Actions to Take if Caught in the Middle of a Gunfight/Gunfire

The U.S. Embassy takes this opportunity to remind U.S. citizens of guidance sent on October 22, 2008, recommending the following courses of action to take if you find yourself in a situation in or near gunfire:

–       Always be aware of your surroundings.
–     Whenever possible, carry a cell-phone with up to date contact information for emergencies.
–    When gunfire/explosions are heard, immediately move to a safe area with good cover.  For example, look for something substantial to hide behind, seek cover in a room made of solid construction (e.g. concrete, steel, etc.), stay away from doors and windows, and do not venture out to try and observe the conflict.
–      Immediately convey the sense of danger/threat to those around you.
–     Do not attempt to move to a vehicle if you are in a safe area. Remain there until local security tells you that it is safe to move.
–      Always carry information about your personal medical needs.


  1. DKN · July 15, 2009

    “Tell me: How long will Mexico continue to suffer from this violence? What will it take to stop drug-related violence? How many people have to die? Is it really that important to keep drugs illegal?”

    I feel the exact same way about the casualties of the “drug war” in the U.S. or anywhere else in the world. The prohibition of all drugs is complete nonsense and has been a disaster from the beginning.

  2. Alice · July 15, 2009

    This weekend’s violence really saddened me more than others–closer to home, perhaps?? I see people mocking the police daily, but I give them props for putting themselves out there for so little respect and pay.

  3. robin · July 15, 2009

    I’m with DKN. There are a ton of American’s who would love to see drugs legalized and the violence stopped. But no one cares what the people want.

  4. Betty Victory · July 15, 2009

    A very good blog article, Joy. But, naturally, it scares hell out of me.

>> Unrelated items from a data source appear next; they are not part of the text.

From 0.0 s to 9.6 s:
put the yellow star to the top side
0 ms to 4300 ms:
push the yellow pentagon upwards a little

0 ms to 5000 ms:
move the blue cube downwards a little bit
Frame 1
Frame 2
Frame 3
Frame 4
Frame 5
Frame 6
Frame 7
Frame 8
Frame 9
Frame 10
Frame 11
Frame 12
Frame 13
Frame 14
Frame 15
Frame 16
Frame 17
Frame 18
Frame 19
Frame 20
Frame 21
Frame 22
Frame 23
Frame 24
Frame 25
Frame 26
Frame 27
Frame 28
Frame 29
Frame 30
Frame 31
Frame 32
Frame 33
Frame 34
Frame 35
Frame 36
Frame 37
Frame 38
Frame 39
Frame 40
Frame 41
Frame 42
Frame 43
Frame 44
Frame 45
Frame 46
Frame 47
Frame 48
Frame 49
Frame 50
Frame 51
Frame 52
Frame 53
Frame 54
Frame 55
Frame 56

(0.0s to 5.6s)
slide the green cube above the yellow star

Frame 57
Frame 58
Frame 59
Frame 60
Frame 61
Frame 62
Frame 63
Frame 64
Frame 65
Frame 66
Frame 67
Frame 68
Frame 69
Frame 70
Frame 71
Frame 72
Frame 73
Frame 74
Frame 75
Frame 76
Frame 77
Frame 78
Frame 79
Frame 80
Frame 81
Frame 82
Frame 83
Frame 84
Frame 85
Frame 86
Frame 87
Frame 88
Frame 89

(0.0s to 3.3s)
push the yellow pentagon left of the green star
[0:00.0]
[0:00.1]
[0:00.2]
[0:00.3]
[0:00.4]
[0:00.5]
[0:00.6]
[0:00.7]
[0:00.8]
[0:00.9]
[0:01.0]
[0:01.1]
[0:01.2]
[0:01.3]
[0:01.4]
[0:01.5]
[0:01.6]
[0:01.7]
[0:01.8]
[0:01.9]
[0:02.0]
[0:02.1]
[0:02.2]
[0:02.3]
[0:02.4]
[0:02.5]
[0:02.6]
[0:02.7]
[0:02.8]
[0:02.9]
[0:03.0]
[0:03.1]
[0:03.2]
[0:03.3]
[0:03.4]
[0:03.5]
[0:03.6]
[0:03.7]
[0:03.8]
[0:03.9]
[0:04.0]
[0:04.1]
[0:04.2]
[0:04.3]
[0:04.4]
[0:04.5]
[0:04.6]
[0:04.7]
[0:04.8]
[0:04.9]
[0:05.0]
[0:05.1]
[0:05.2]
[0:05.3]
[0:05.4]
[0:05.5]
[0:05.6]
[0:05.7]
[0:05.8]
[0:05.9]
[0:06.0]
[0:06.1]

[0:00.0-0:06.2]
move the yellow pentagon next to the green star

    One does have to wonder where this is all going. Does the Mexican government have the resources to stop this? I think legalization of drugs may HAVE to be the answer. It looks like the only way to stop the ruthless/greedy drug lords.

    There needs to be much more cooperation between Mexico and the U.S. on this problem.

  5. Steven · July 15, 2009

    So sad. One of the goals I look forward to the most on my list is going to Mexico to witness the monarch migration. I love Mexico (I’ve been twice) but what’s happening there is so sad. I hope it ends soon. It’s such a beautiful country and I hate to see it’s imagine marred by the cartel.